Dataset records
Start of Block

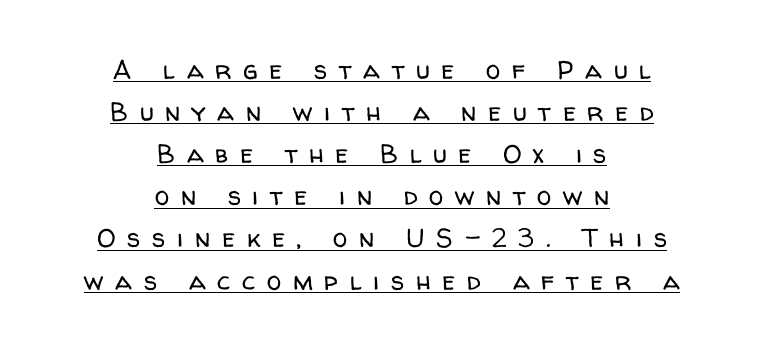
{"italic": "no", "bold": "no", "underline": "yes", "align": "center", "line_spacing": "normal", "line_spacing_ratio": 1.62, "letter_spacing": "wide", "letter_spacing_em": 0.45, "glyph_px": 26}
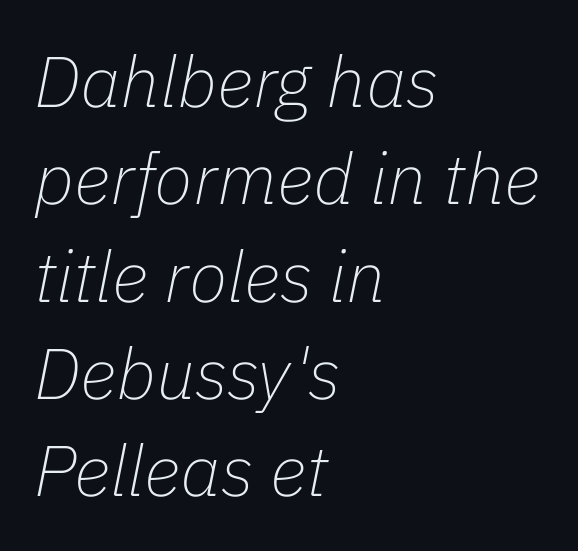
{"italic": "yes", "lean": "right", "slant_degrees": 11, "bold": "no", "weight": "thin", "width": "normal", "stroke_contrast": "low", "x_height": "medium", "monospaced": "no", "underline": "no", "align": "left", "line_spacing": "normal", "line_spacing_ratio": 1.37, "letter_spacing": "normal", "letter_spacing_em": 0.0, "glyph_px": 71}
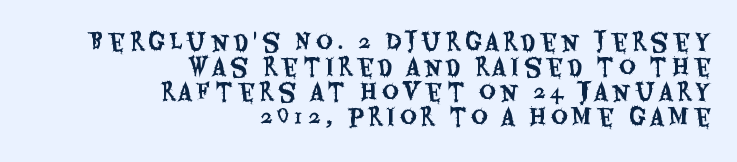
{"italic": "no", "underline": "no", "align": "right", "line_spacing": "tight", "line_spacing_ratio": 1.08, "glyph_px": 23}
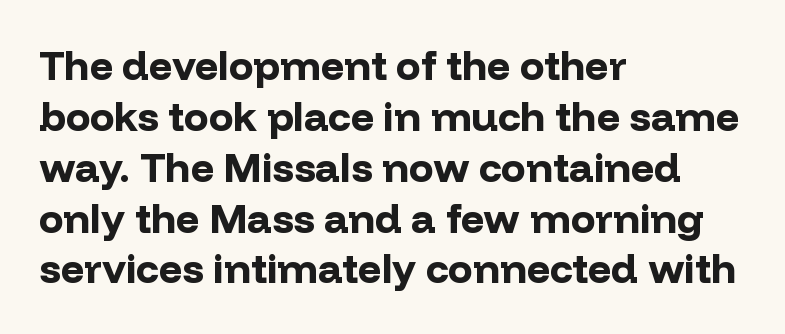
The image shows 41 px bold sans-serif type, upright; set left-aligned, line spacing 1.24x, normal letter spacing, not underlined; low stroke contrast and a medium x-height.
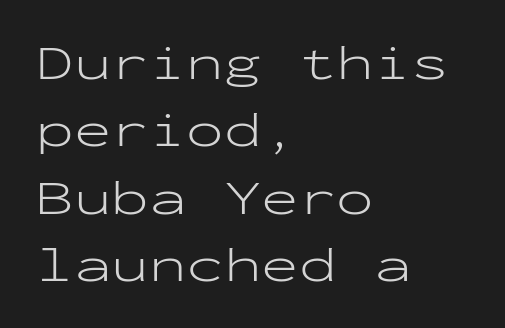
Descenders are the only things crossing below the line. This is roman type, the default non-slanted kind. This rendering uses left alignment, leaving the right contour irregular. The letters march in equal steps, a hallmark of fixed-pitch type. Notice how descenders clear the ascenders below comfortably — that's standard leading.
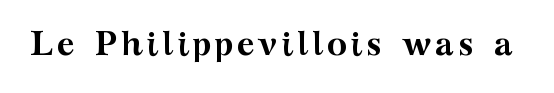
Heft: maximum for text — a bold. Serif or sans? Serif — the stroke terminals have little feet. Italic: no, the glyphs are upright roman. Think of a printed novel: that variable character pitch is what you see here.
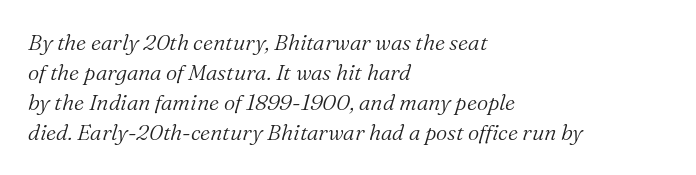
{"italic": "yes", "lean": "right", "slant_degrees": 16, "bold": "no", "underline": "no", "align": "left", "line_spacing": "normal", "line_spacing_ratio": 1.37, "letter_spacing": "normal", "letter_spacing_em": 0.0, "glyph_px": 22}
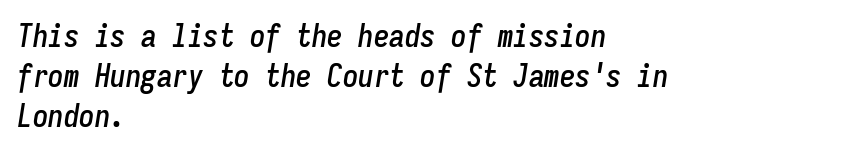
Q: Is the text italic (slanted)? A: Yes, it leans right by about 9 degrees.
Q: Is the text underlined? A: No.
Q: How is the paragraph aligned? A: Left-aligned.
Q: Is the spacing between letters normal or unusually wide? A: Normal.
Q: Is the spacing between lines tight, normal or loose? A: Normal.
Q: Width (condensed, normal, or wide)? A: Condensed.
Q: Stroke contrast? A: Low.
Q: x-height? A: Medium.
Q: Monospaced? A: Yes.

End of Block

> [What you have to do]:
Only the lines from the one containing "Q: Width (condensed, normal, or" to the end of the records should be repeated, exactly as they appear.

> [Written solution]:
Q: Width (condensed, normal, or wide)? A: Condensed.
Q: Stroke contrast? A: Low.
Q: x-height? A: Medium.
Q: Monospaced? A: Yes.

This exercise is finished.